JPWO2020180819A5

JPWO2020180819A5 -

Info

Publication number: JPWO2020180819A5
Application number: JP2021552257A
Authority: JP
Publication date: 2023-03-09

Claims

An isolated antibody that specifically binds to human tau, comprising:
a mature heavy chain variable region comprising CDR-H1 comprising SEQ ID NO:8, CDR-H2 comprising SEQ ID NO:9 or SEQ ID NO:149, and CDR-H3 comprising SEQ ID NO:10 and which is at least 90% identical to SEQ ID NO:18 ,
CDR-L1 comprising SEQ ID NO: 12, CDR- comprising SEQ ID NO: 150, 151, 153, 156, 158, 159, 160, 163, 165, 166, 167, 168, 169, 170, 171, 172, 173 or 174 a mature light chain variable region that is at least 90% identical to SEQ ID NO: 122, comprising L2, and CDR-L3 comprising SEQ ID NO: 14;
Antibodies, including

at least one of positions H12, H13, H17, H24, H40, H43, H48, H66, H67, H76, H80, H81, and H91 are V, K, T, A, R, Q, I, respectively; R, A, D, L, Q, and F , and at least one of positions L2, L12, L15, L37, L39, L45, L60 and L100 are V, P, L, Q, respectively. , R, R, D and Q.

2. The antibody of claim 1, wherein CDR-L2 comprises SEQ ID NO: 150, 151, 163, 167, 168, or 169.

4. The antibody of claim 3, wherein said heavy chain variable region comprises SEQ ID NO: 18 and said light chain variable region comprises SEQ ID NO: 110, 121, 122 or 123.

5. The antibody of claim 4, wherein said light chain variable region comprises SEQ ID NO:122.

4. The antibody of claim 3, wherein said heavy chain variable region comprises SEQ ID NO:146 and said light chain variable region comprises SEQ ID NO:94.

4. The antibody of claim 3, wherein said heavy chain variable region comprises SEQ ID NO:146 and said light chain variable region comprises SEQ ID NO:122.

The antibody of any one of claims 1-7 , which is a chimeric antibody, a veneered antibody, or a humanized antibody.

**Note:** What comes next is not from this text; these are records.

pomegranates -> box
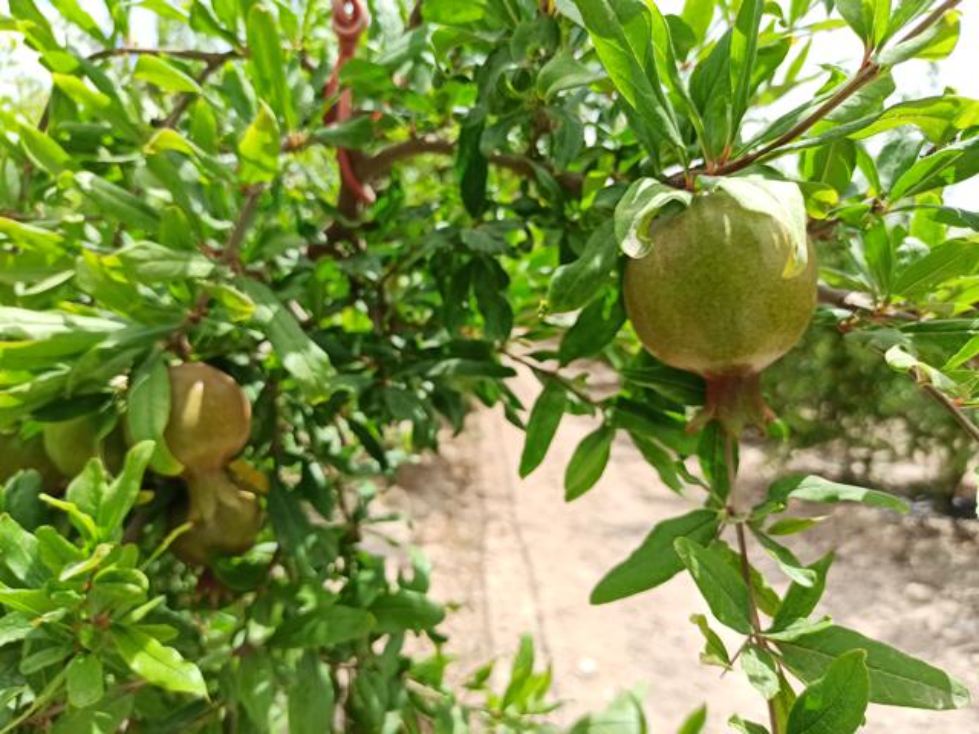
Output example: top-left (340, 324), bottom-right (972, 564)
top-left (162, 362), bottom-right (255, 521)
top-left (0, 433), bottom-right (67, 495)
top-left (41, 419), bottom-right (125, 482)
top-left (165, 489), bottom-right (260, 607)
top-left (624, 194), bottom-right (818, 445)
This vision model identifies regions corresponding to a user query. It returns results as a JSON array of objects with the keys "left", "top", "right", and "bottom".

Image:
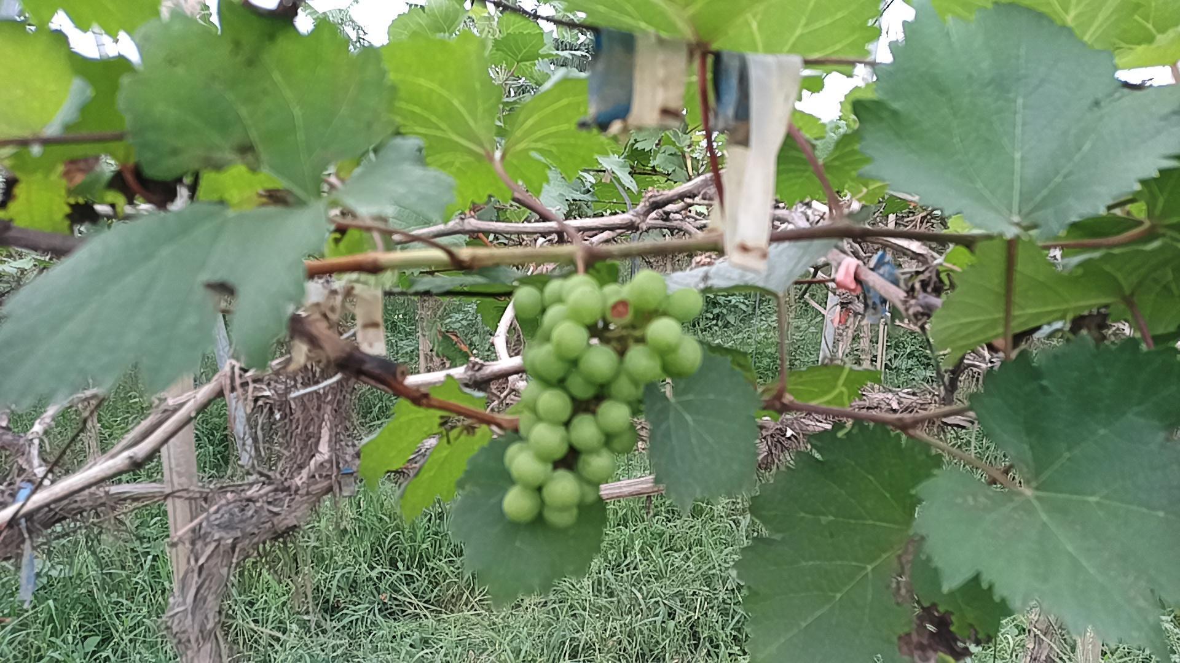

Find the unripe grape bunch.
[{"left": 503, "top": 269, "right": 702, "bottom": 525}]
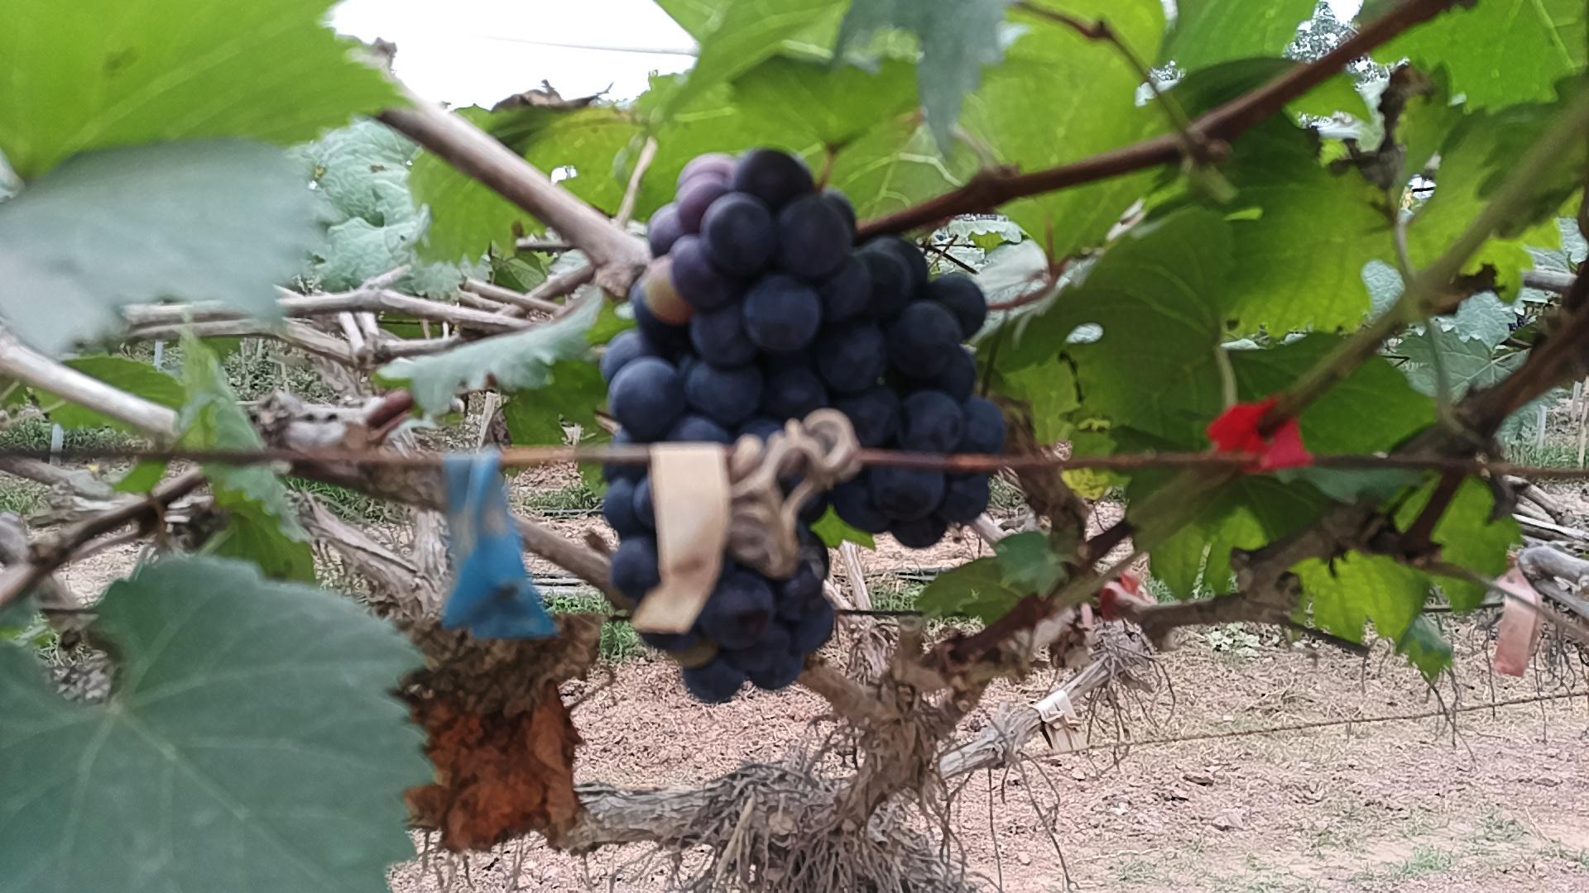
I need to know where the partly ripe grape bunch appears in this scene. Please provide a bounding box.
[601,148,1006,701]
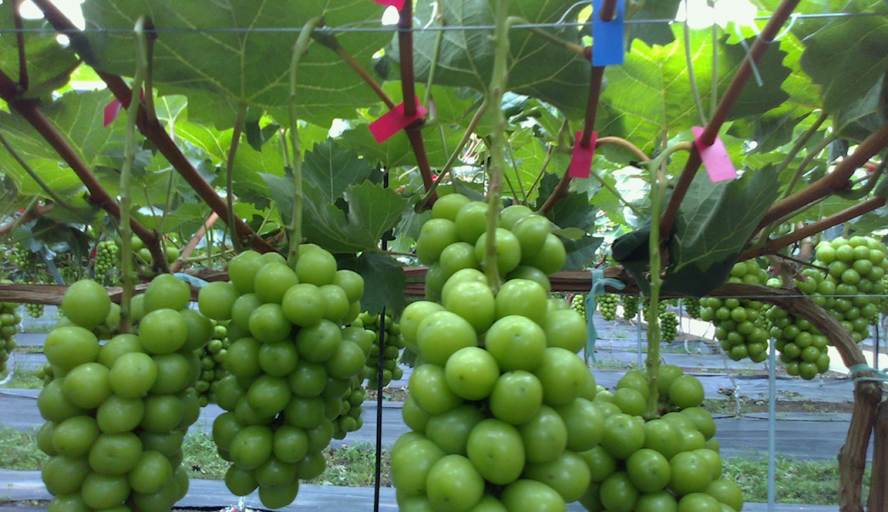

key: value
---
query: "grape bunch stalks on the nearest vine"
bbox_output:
[285,16,322,270]
[647,142,691,415]
[483,0,508,297]
[117,10,150,331]
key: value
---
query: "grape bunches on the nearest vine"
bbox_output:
[580,364,740,511]
[393,268,606,511]
[199,243,373,507]
[37,272,213,510]
[416,193,567,302]
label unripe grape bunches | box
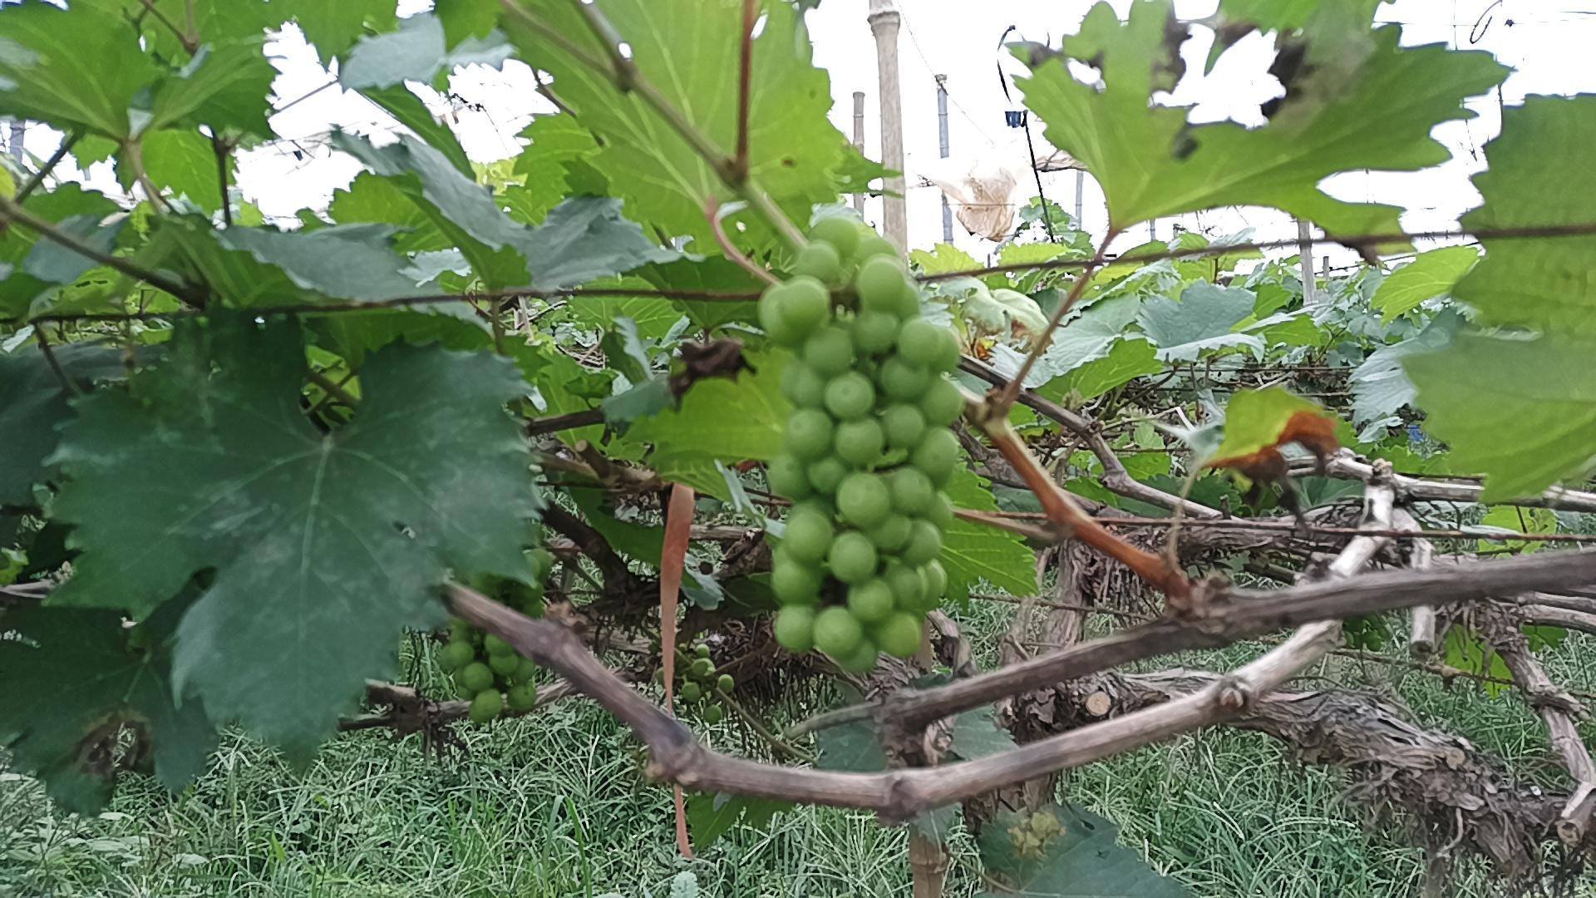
[758,219,960,671]
[676,644,735,723]
[440,550,552,723]

The antibody of any one of claims 1-8 , which is a whole antibody.

The antibody of any one of claims 1-8 , which is an antigen- binding fragment.

11. The antibody of claim 10 , wherein said antigen binding fragment is a single chain antibody, Fab, or _Fab'2 fragment.

The antibody of any one of claims 1-11 , whose isotype is human IgG1 , human IgG2, or human IgG4 .

13. The antibody of any one of claims 1-9 and 12 , wherein said mature light chain variable region is fused to a light chain constant region and said mature heavy chain variable region is fused to a heavy chain constant region. body.

14. The antibody of claim 13 , wherein said heavy chain constant region has the amino acid sequence of SEQ ID NO: 176 with or without a C-terminal lysine .

14. The antibody of claim 13 , wherein the mature heavy chain variable region fused to the heavy chain constant region has the amino acid sequence of SEQ ID NO: 178 with or without a C-terminal lysine .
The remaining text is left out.